* [Dataset excerpts]
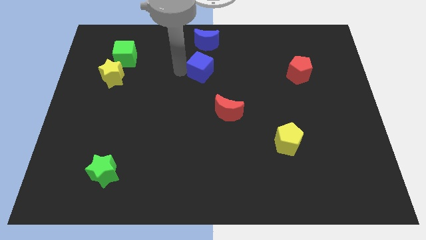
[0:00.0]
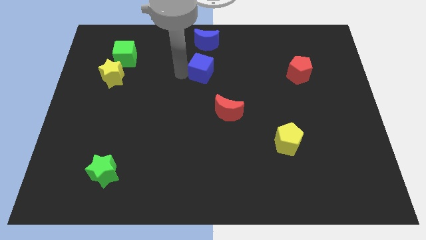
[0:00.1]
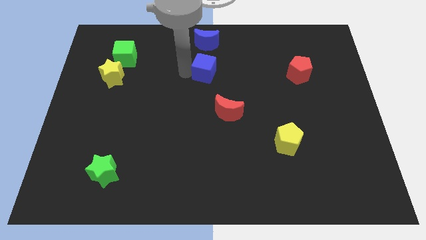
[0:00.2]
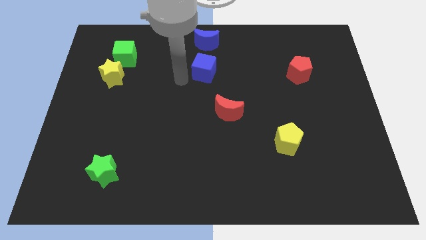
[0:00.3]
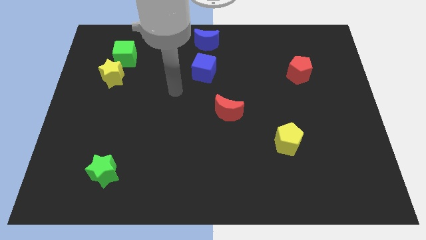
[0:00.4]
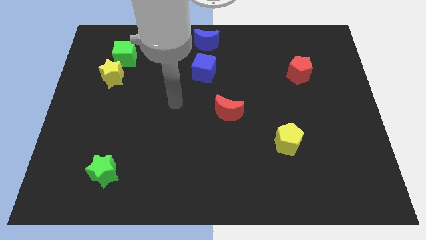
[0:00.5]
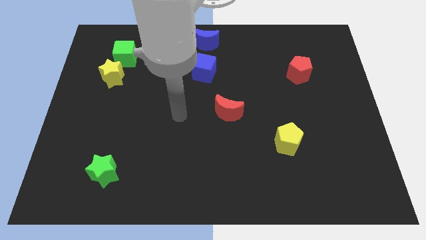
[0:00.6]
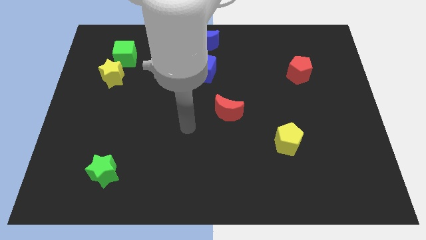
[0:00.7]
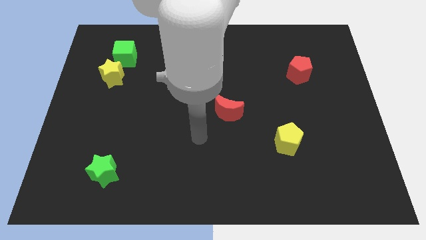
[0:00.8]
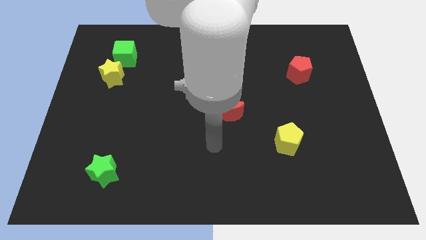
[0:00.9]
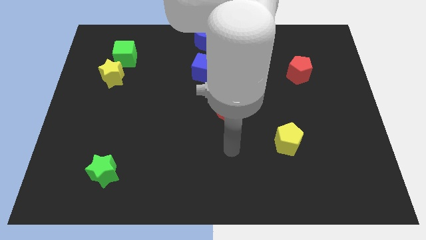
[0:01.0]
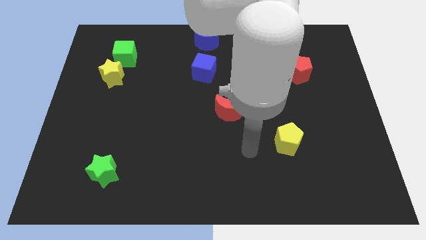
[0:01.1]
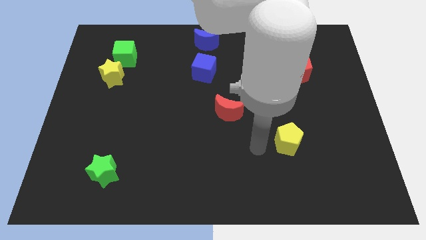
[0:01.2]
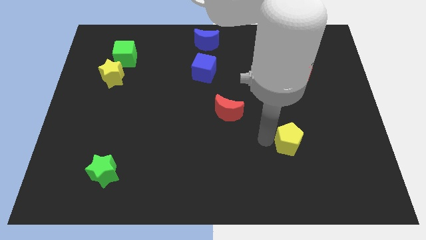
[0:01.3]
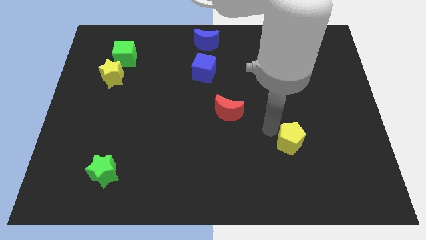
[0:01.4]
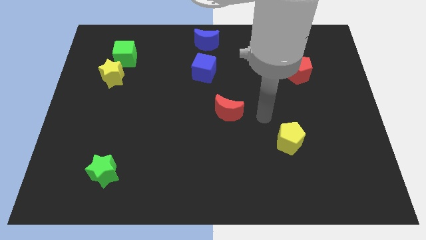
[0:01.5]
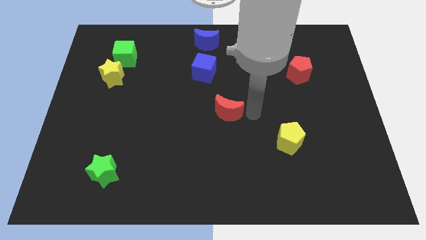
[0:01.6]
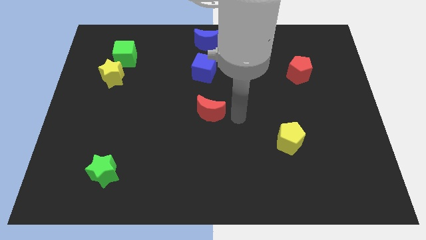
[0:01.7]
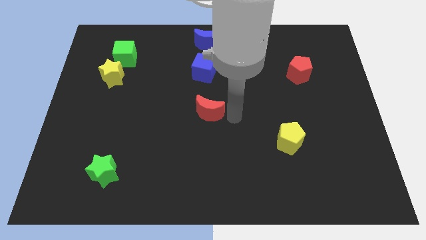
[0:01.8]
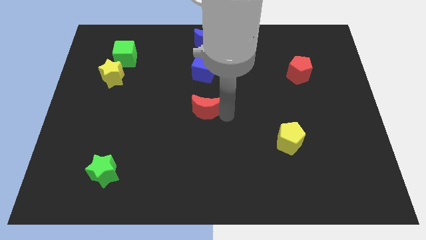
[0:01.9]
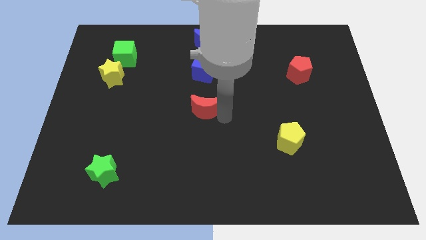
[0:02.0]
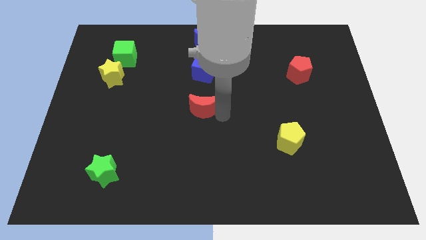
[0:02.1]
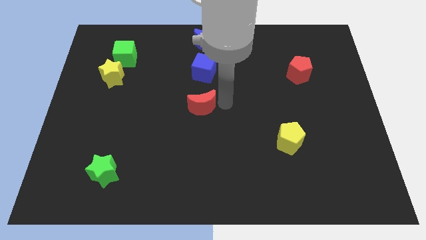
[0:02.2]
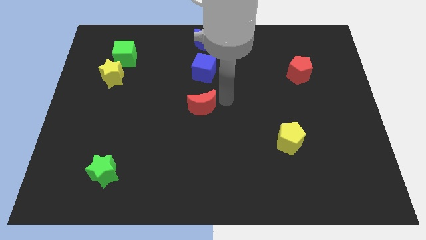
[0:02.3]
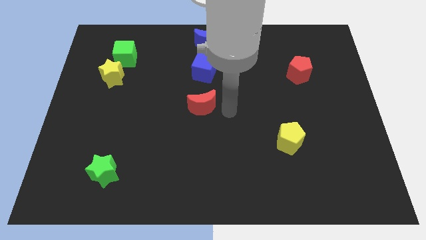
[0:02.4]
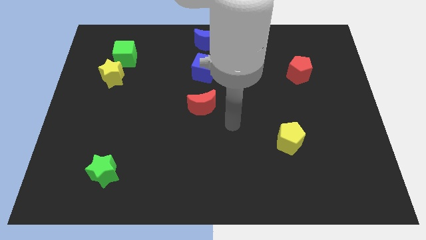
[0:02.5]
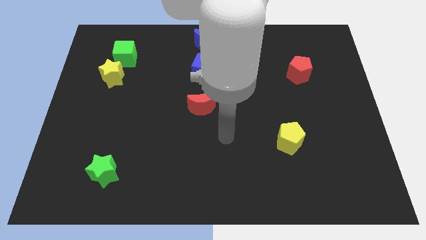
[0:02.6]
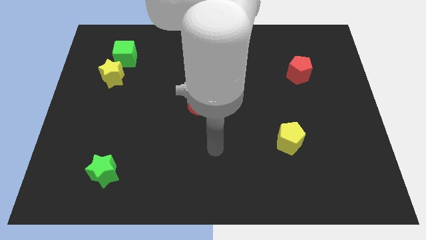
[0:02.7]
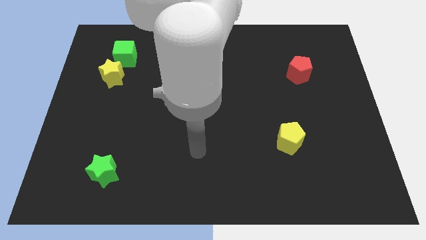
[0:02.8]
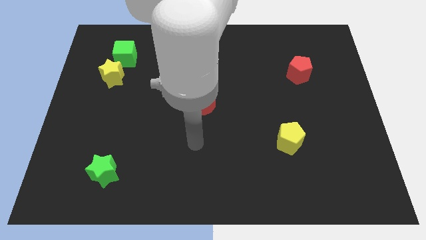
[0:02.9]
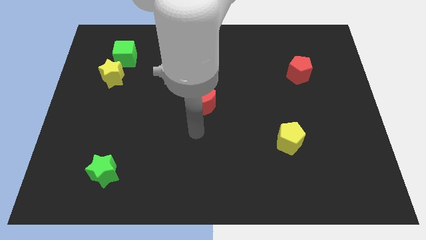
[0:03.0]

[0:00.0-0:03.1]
move the red moon to the bottom of the blue cube

* [Assigned task]
Images are to be omitted; repeat the remaining data above exactly.

* [Task response]
[0:00.0]
[0:00.1]
[0:00.2]
[0:00.3]
[0:00.4]
[0:00.5]
[0:00.6]
[0:00.7]
[0:00.8]
[0:00.9]
[0:01.0]
[0:01.1]
[0:01.2]
[0:01.3]
[0:01.4]
[0:01.5]
[0:01.6]
[0:01.7]
[0:01.8]
[0:01.9]
[0:02.0]
[0:02.1]
[0:02.2]
[0:02.3]
[0:02.4]
[0:02.5]
[0:02.6]
[0:02.7]
[0:02.8]
[0:02.9]
[0:03.0]

[0:00.0-0:03.1]
move the red moon to the bottom of the blue cube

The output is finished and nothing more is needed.